A few years later, I've started to wonder about whether or not post time affects post popularity. Long story short: it doesn't.

At first, it sounds plausible. If you post during a time when few people are online, such as when major timezones would be asleep, maybe fewer people would answer, vote, or comment, and your question would be buried.

I ran a simple SEDE query on Code Golf (SELECT ViewCount, CreationDate FROM Posts WHERE PostTypeId = 1 or similar), and copied the ~10k results from the downloadable CSV to a JS script (JavaScript, as I found out, is not great at data analysis).
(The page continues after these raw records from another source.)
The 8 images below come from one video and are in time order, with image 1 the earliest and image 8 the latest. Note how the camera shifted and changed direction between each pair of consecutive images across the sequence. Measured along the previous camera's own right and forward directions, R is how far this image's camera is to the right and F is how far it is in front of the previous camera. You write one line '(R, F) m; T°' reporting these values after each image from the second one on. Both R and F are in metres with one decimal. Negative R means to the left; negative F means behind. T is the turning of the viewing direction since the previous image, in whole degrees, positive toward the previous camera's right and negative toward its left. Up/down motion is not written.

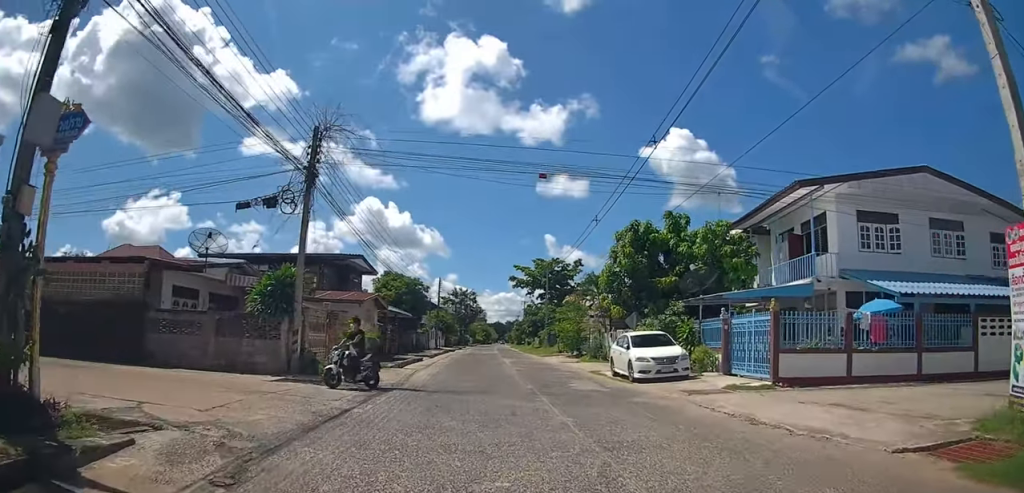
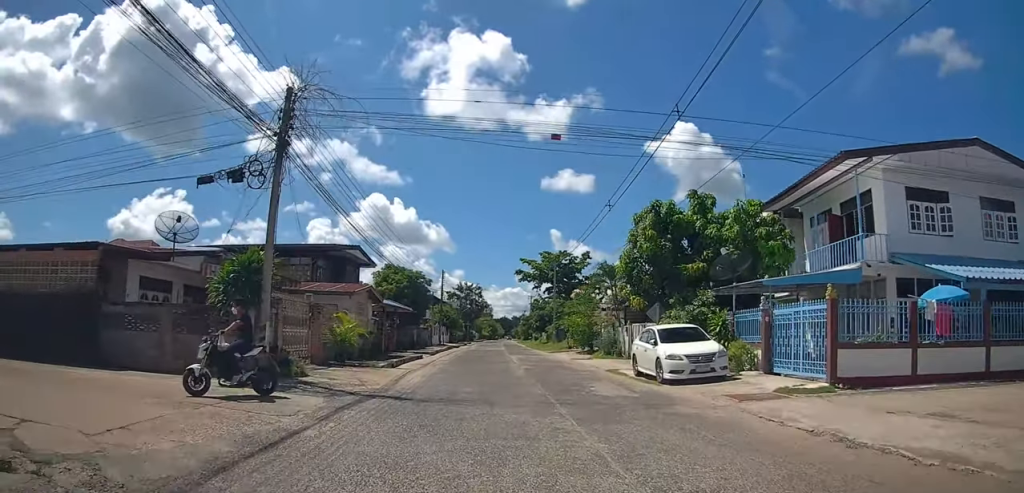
(0.0, +2.3) m; +1°
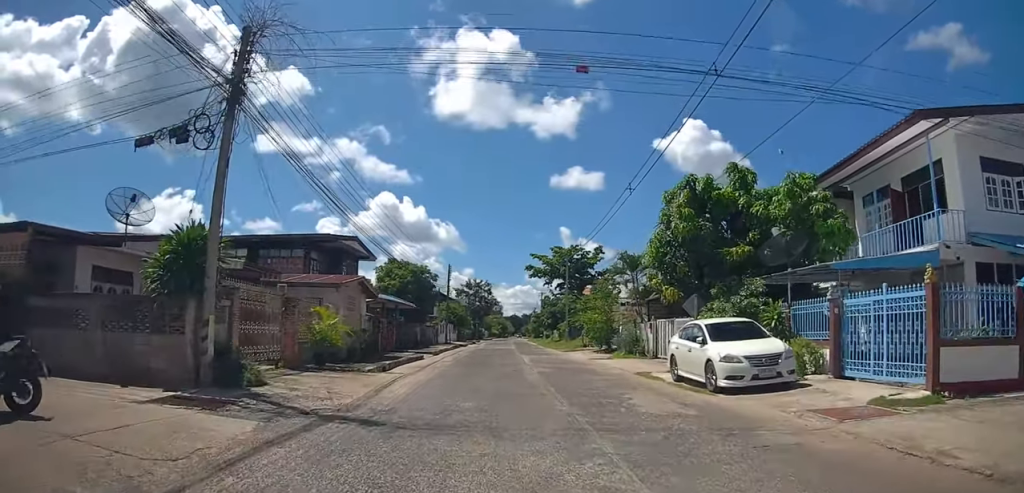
(0.0, +2.8) m; +1°
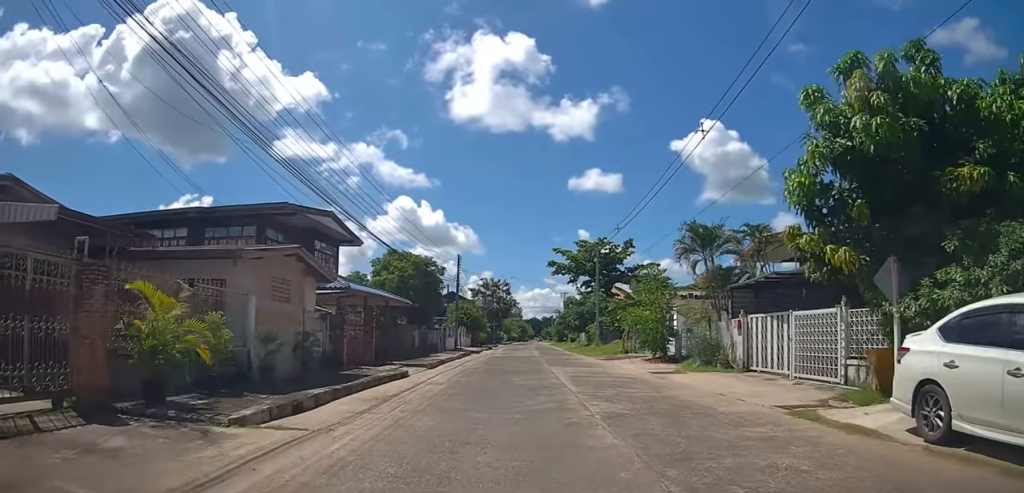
(+0.1, +8.2) m; +1°
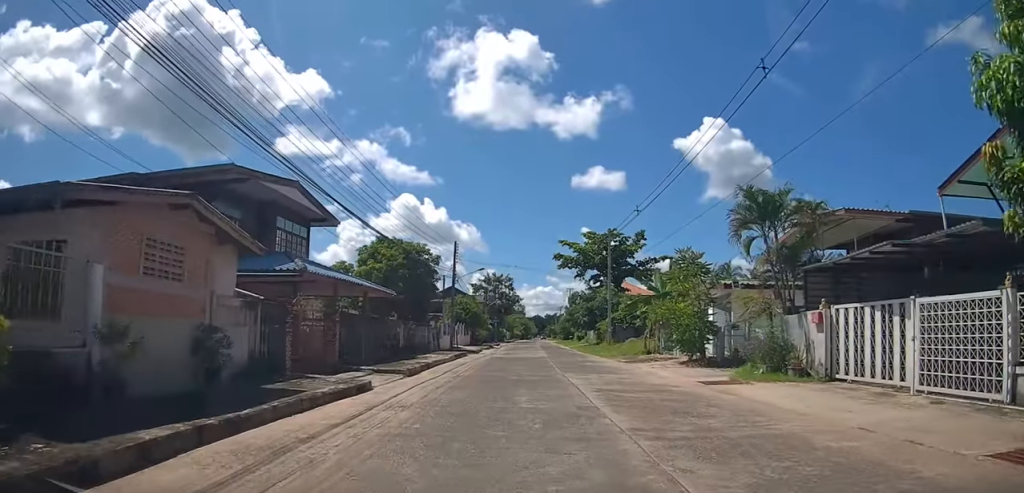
(0.0, +5.3) m; -1°
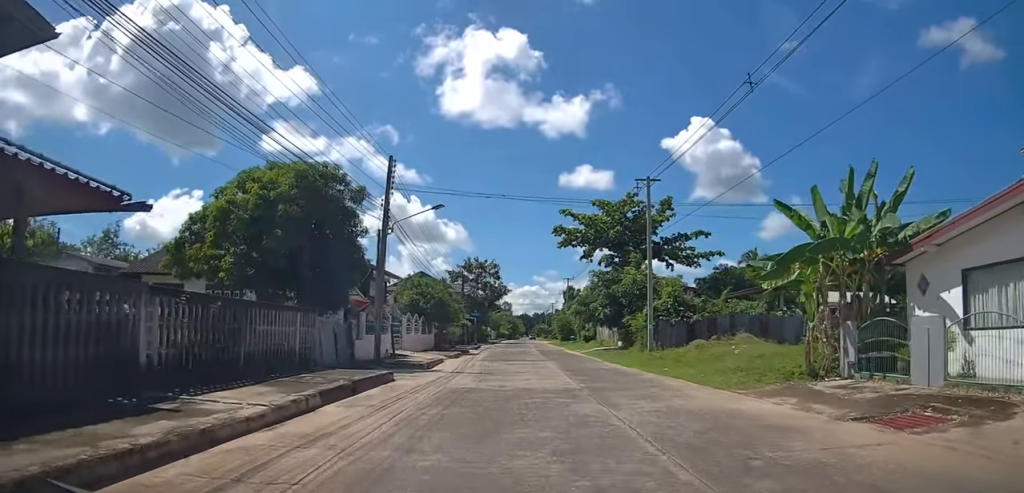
(-0.2, +18.8) m; +1°
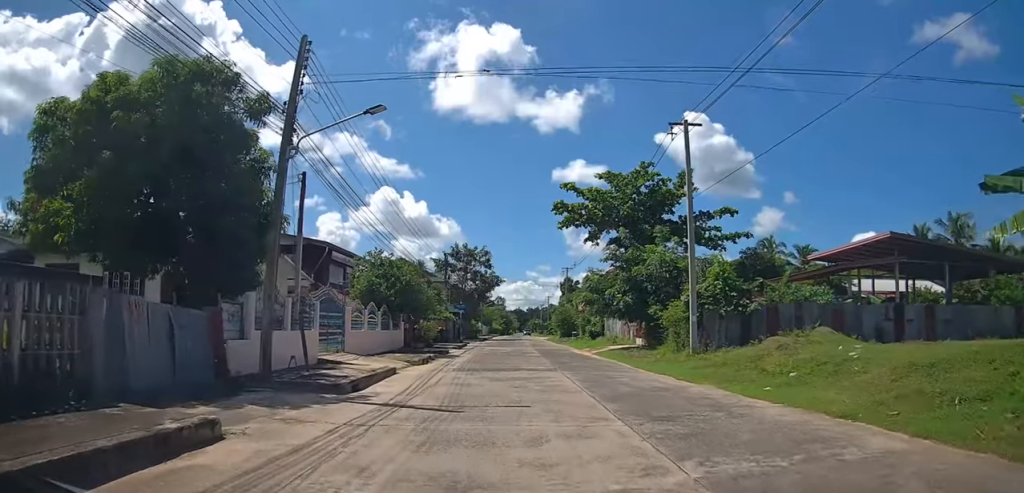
(+0.1, +8.9) m; +1°
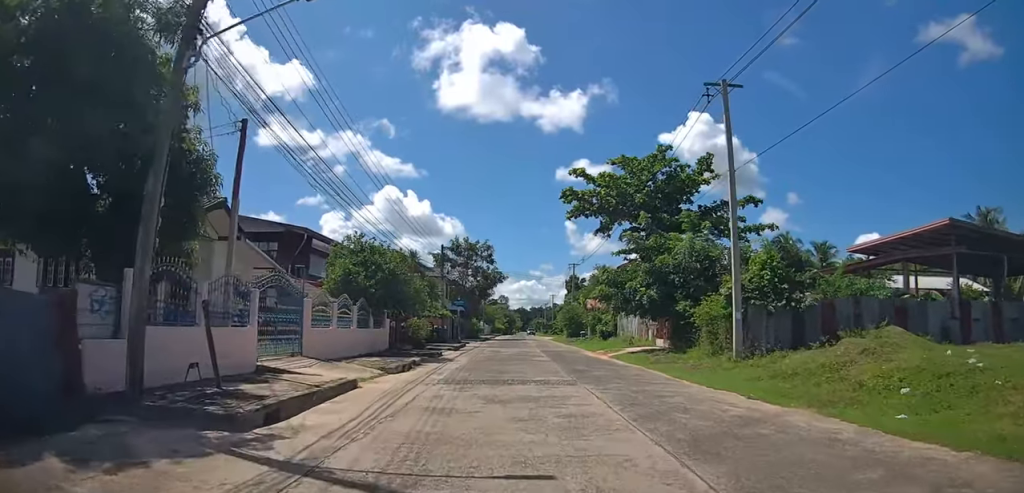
(0.0, +4.4) m; 0°

I created this badly formatted graph, on a logarithmic scale:

Graph of results, basically just a random scatterplot

The X axis is time, from 00:00:00 to 23:59:59 (UTC). The Y axis is logarithmic (radix 10), with each longer line (every 5 short lines) being 1.

As you can see by the line of best fit (it looks a little high to me, but IDK), post time has pretty much no affect on popularity. The slope of said line is somewhere in the range of -21 views for each hour later in the day.

Being the nerd that I am, I noticed a seemingly higher density of dots to the right, indicating more posts, so I created another graph, which is oddly sinusoidal in appearance:

A bar graph showing low question rates, then high question rates

The X axis is hours (UTC, floored), and the Y axis is total number of questions, on a linear scale of 0 to 750. This graph is slightly more useful, showing that the highest number of questions are posted between 14:00:00 and 21:00:00 UTC. This is between morning and mid-afternoon in the US, and late afternoon to night in the UK.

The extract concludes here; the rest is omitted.